Lamberet et al did not find infection recurrence in a study of 26 pediatric patients after a follow-up of 24 months. The patients were treated with surgical I&D procedures with 3 to 6 liters of normal saline with 0.05% chlorhexidine with retention of the implant and antibiogram-based antibiotic therapy for a mean time of 19 weeks with a switch to oral antibiotics after a mean of 17 days. ¹¹ Li et al recommend IV antibiotics for at least 4 to 6 weeks after debridement with retention of the implant, followed by oral antibiotics for 2 to 6 months. ¹⁶ In our study, the surgical I&D procedures were performed with large volumes of normal saline (3-6 liters) without addition of any pharmacological agent. Antibiotic treatment was more prolonged, with a duration of IV administration of a mean of 15.8 days (4-86 days), followed by an oral maintenance regimen of a mean of 335.1 days (0-1095 days). Curation rate was slightly lower (96.6%), but follow-up was longer (5 + 2 years).

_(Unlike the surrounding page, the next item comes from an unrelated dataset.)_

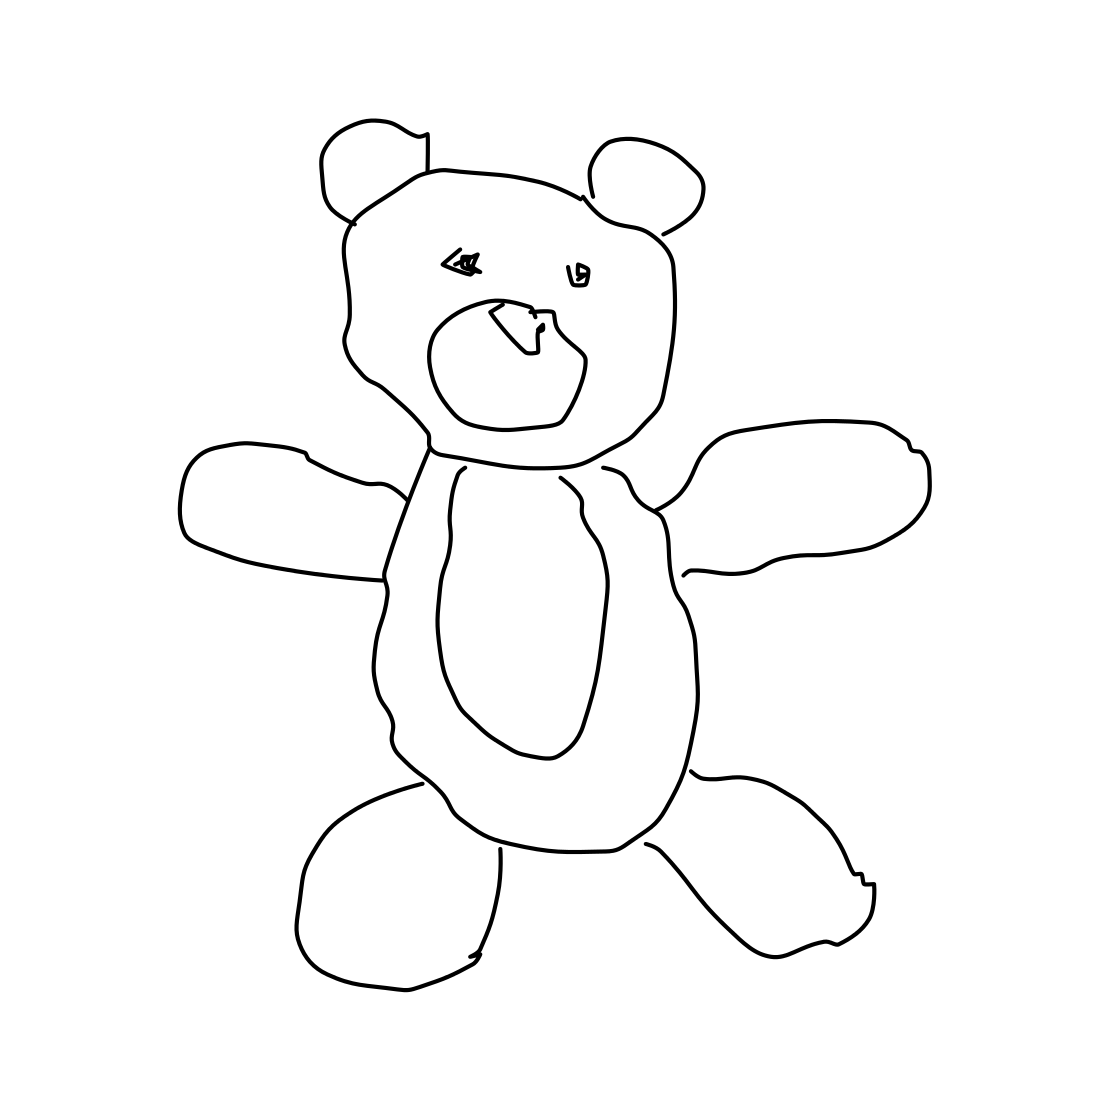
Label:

A study by Floccari and Milbrandt ¹⁷ describes a personal communication by Glotzbecker et al, which has not been published so far, evaluating the treatment of 101 acute (less than 3 months postoperatively) SSI. Overall, 79.2% of the patients were successfully treated without recurrence of the infection, 70% underwent serial I&D procedures with implant retention, 7.9% needed implant exchange, and 1 patient cleared infection after implant removal. ¹⁷ Contrary to these data, in our series the infection resolved in 96.6% within a mean follow-up of 5 + 2 years, while serial I&D procedures were only performed in 20.6% of the cases. However, Glotzbecker et al reported more patients (n = 101) than the present study (n = 29); so if one was to combine the datasets, the overall percentage of resolved infections would be approximately 83.1%. However, considering the costs of revision surgery and the potential of destabilizing the spine, surgical I&D procedures may be an effective alternative to treat these patients.

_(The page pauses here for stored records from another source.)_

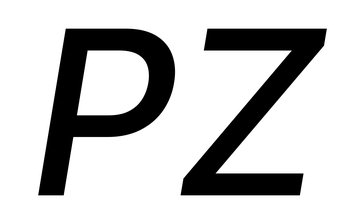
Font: Inter-Italic_Medium_Italic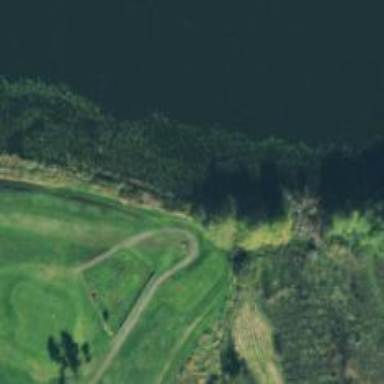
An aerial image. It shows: Path for both road and golf.
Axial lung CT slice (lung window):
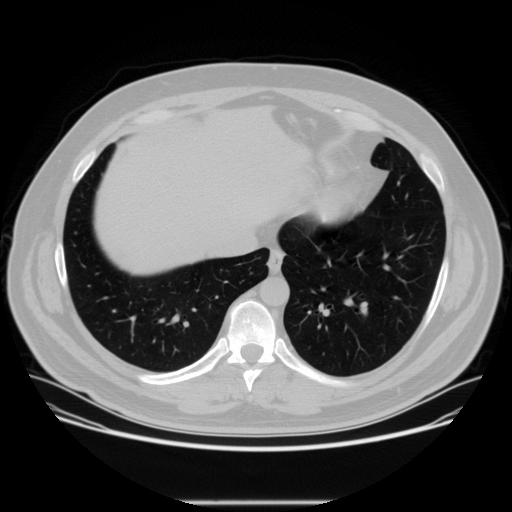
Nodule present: no
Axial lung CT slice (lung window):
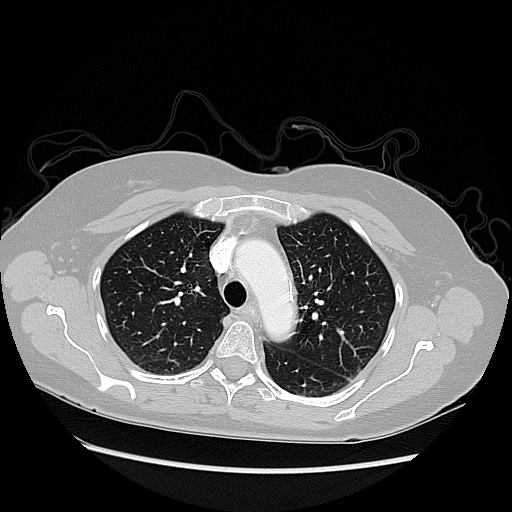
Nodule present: no
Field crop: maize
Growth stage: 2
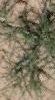
Species: salsola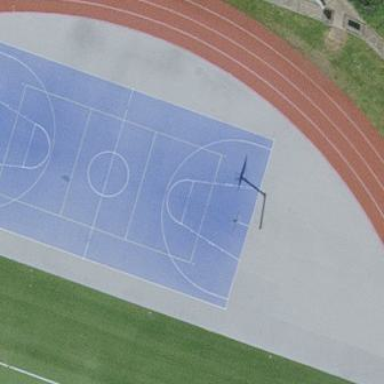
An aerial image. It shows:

In our study no strict protocol was used for antibiotic therapy, resulting in patients with negative cultures who received oral antibiotics for 12 months and others who did not receive oral treatment at all, while long-term outcome was good in both. Additionally, treatment was relatively prolonged with a mean of 2 weeks of IV and 47 weeks of oral antibiotics administration. Currently, no studies providing scientific evidence level I-II are available. In a recently published systematic review, the recommendation based on expert opinion was to treat a deep SSI with a 4 to 6-week course of IV antibiotics switched to oral antibiotics only in case of clinical improvement. Oral antibiotics may be used very long-term (duration is not specified). The authors also recommended to remove the prosthetic material if possible. ¹⁸ We have found no studies that recommend when to discontinue antibiotic treatment.

From the infectious diseases point of view, in deep SSI removal of the implant is recommended, especially when the microbial agent is highly virulent or response to antibiotic treatment is not adequate. ¹⁹ In our study, however, we did not consider this an option at treatment initiation because of the risk of spinal instability.

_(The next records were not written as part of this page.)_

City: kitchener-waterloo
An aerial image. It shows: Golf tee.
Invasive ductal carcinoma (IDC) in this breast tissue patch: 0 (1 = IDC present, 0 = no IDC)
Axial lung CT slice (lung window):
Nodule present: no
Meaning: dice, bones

One of the limitations of this study is its retrospective nature, which involves the availability and accuracy of the medical records. Nevertheless, at the end of the data collection process, we were able to obtain all the relevant information. Another limitation was the small size and heterogeneity of the sample. Additionally, as no antibiotic treatment protocol was used, different scenarios as described above were observed, albeit with good long-term results, that is, no late recurrence.

Conclusions

In this retrospective case series of 29 pediatric patients who underwent posterior spinal fusion of 6 levels or more due to spinal deformity, associated with different etiologies and a mean follow-up of 5 + 2 years, no infection recurrence was observed; however, one patient had a reinfection after an acute SSI. We suggest that conservative treatment of acute SSI with surgical I&D procedures followed by algorithm-based antibiotic therapy may be a viable alternative to revision surgery with implant removal in pediatric spinal deformity. However, randomized trials are needed to provide additional evidence and the optimal dosing or length of administration of oral antibiotics has yet to be determined.